▶ [Task prompt]
Pictures stay out of the copy, and everything else in the data below is repeated exactly.
--- Data to use ---
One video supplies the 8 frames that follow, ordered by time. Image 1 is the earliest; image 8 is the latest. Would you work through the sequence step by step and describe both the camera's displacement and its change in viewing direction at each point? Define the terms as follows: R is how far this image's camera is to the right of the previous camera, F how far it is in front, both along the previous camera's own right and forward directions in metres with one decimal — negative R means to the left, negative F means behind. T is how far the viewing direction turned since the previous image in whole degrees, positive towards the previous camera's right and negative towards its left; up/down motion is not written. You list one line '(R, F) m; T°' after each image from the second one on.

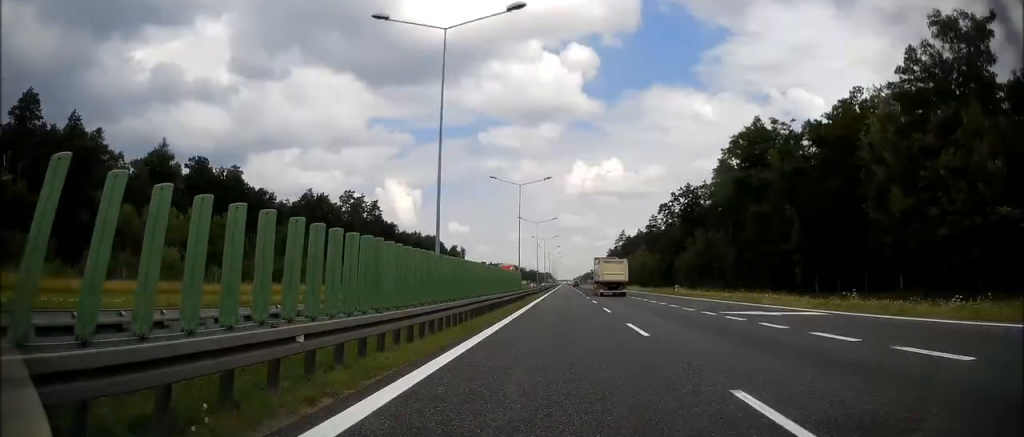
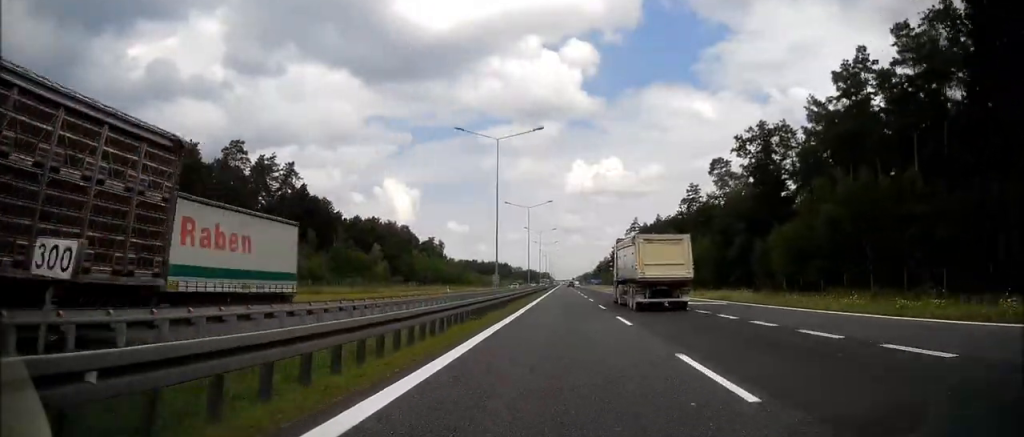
(+0.1, +56.3) m; 0°
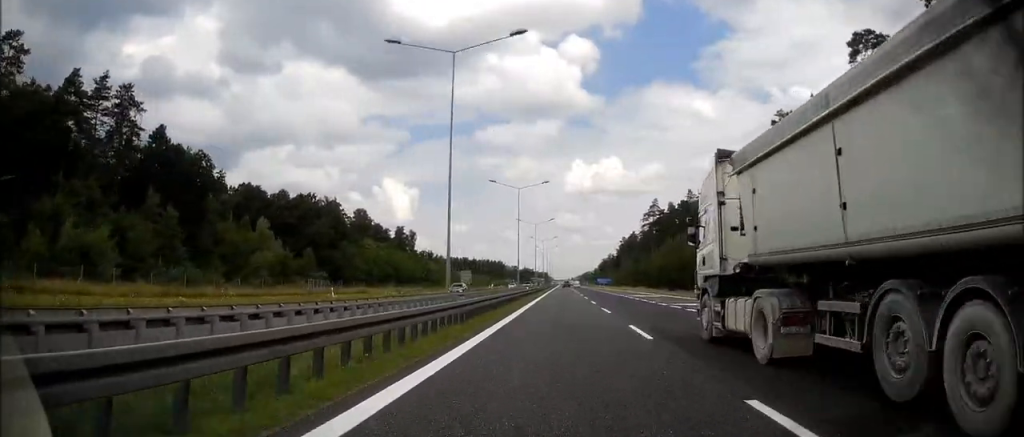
(0.0, +52.6) m; 0°
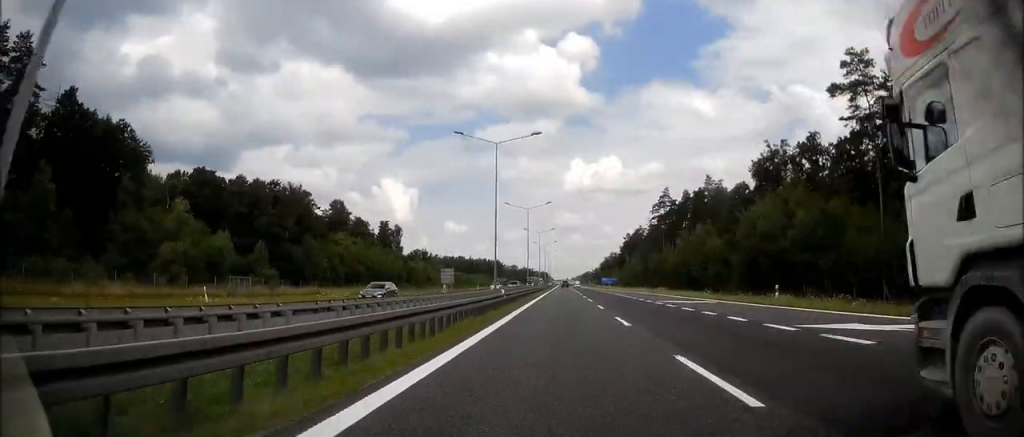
(0.0, +20.0) m; 0°
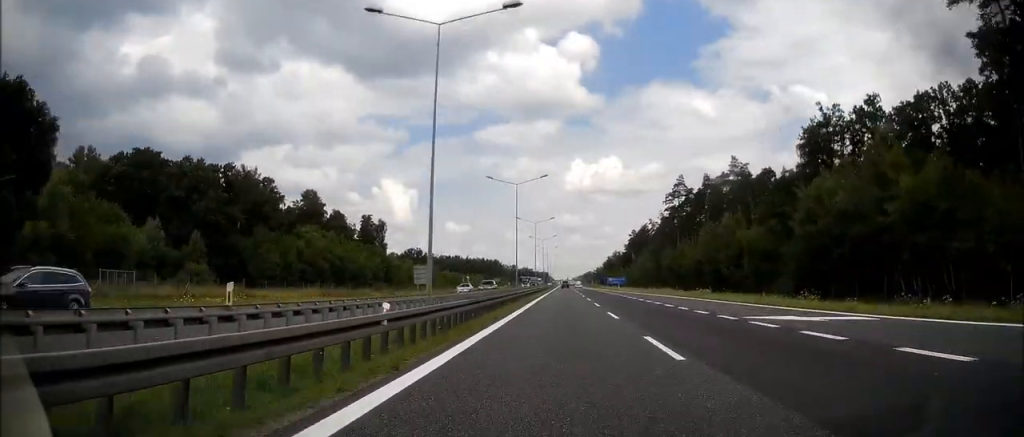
(+0.1, +20.0) m; 0°
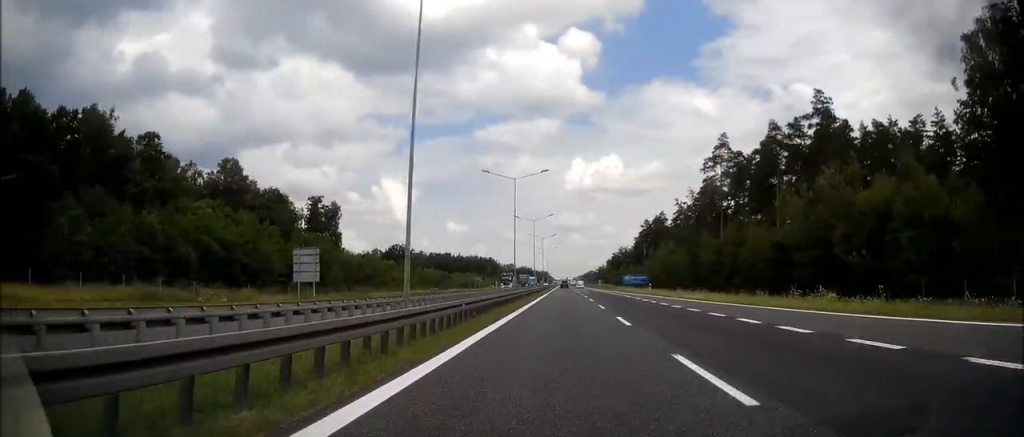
(-0.2, +39.9) m; 0°
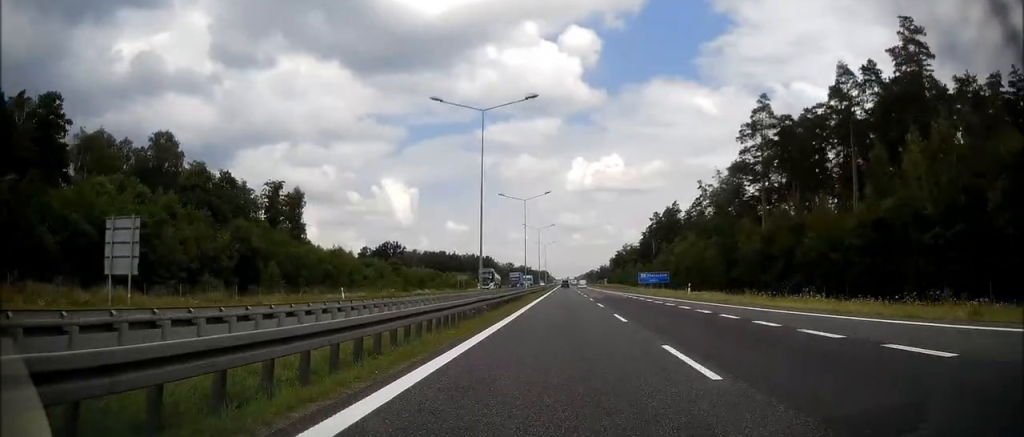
(+0.1, +22.4) m; 0°
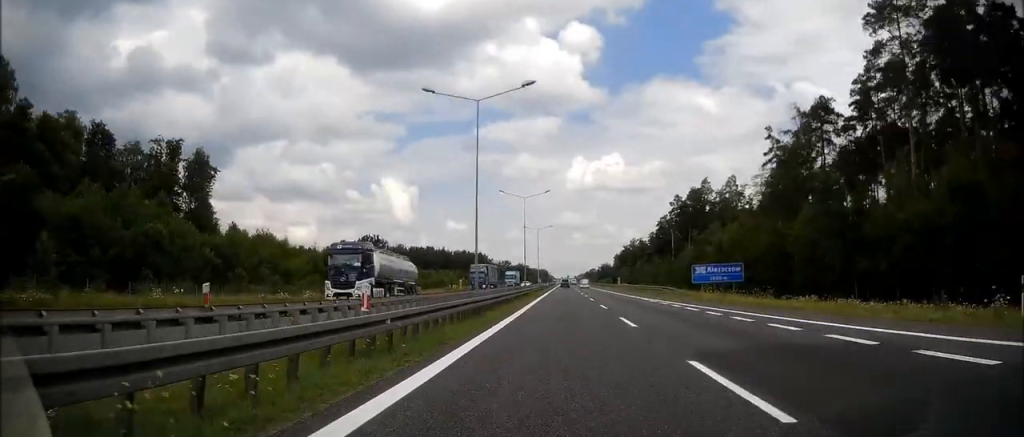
(0.0, +38.5) m; 0°
---
▶ [Reply]
One video supplies the 8 frames that follow, ordered by time. Image 1 is the earliest; image 8 is the latest. Would you work through the sequence step by step and describe both the camera's displacement and its change in viewing direction at each point? Define the terms as follows: R is how far this image's camera is to the right of the previous camera, F how far it is in front, both along the previous camera's own right and forward directions in metres with one decimal — negative R means to the left, negative F means behind. T is how far the viewing direction turned since the previous image in whole degrees, positive towards the previous camera's right and negative towards its left; up/down motion is not written. You list one line '(R, F) m; T°' after each image from the second one on.

(+0.1, +56.3) m; 0°
(0.0, +52.6) m; 0°
(0.0, +20.0) m; 0°
(+0.1, +20.0) m; 0°
(-0.2, +39.9) m; 0°
(+0.1, +22.4) m; 0°
(0.0, +38.5) m; 0°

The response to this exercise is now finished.